● **Description of the task**: What you return should match the listing exactly, minus its images.

● **Supplied records**:

_____

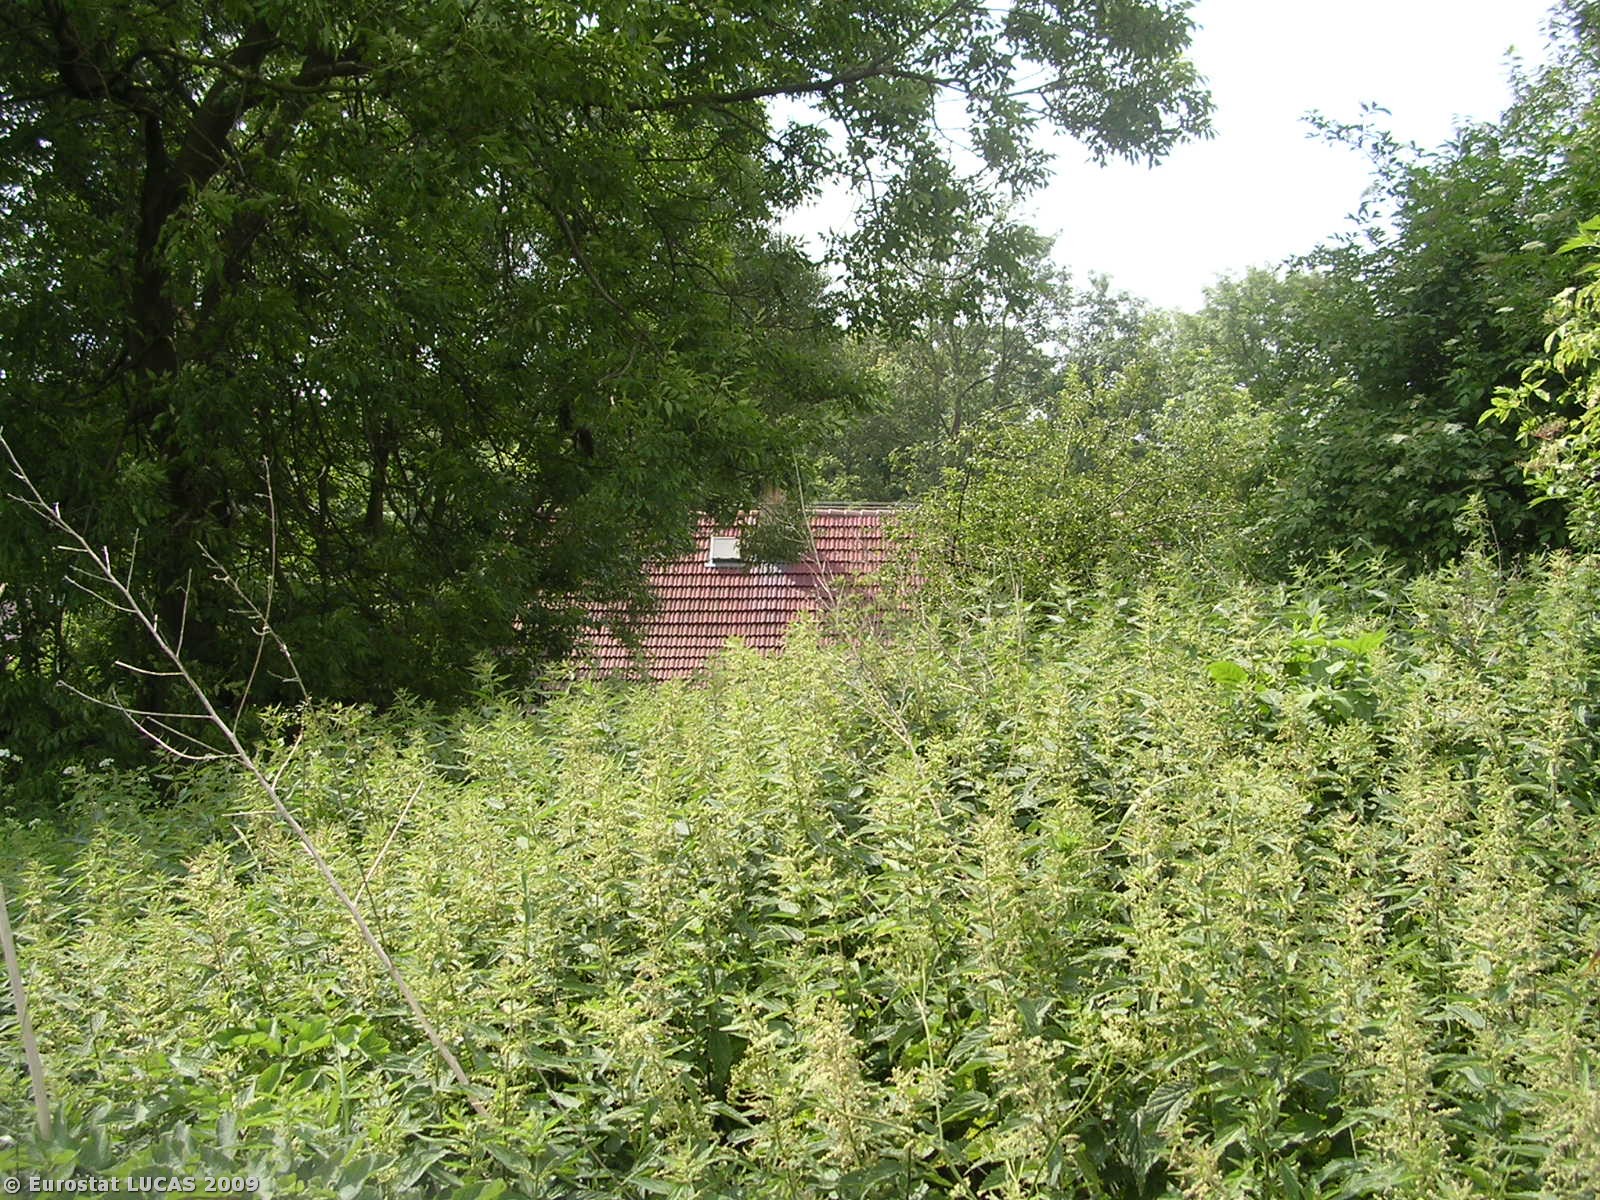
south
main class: Grassland
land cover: Grassland without tree/shrub cover
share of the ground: > 75 %
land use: Agriculture (excluding fallow land and kitchen gardens)
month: June
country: CZ
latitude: 50.6608
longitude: 14.3162

_____

● **Answer section**:
south
main class: Grassland
land cover: Grassland without tree/shrub cover
share of the ground: > 75 %
land use: Agriculture (excluding fallow land and kitchen gardens)
month: June
country: CZ
latitude: 50.6608
longitude: 14.3162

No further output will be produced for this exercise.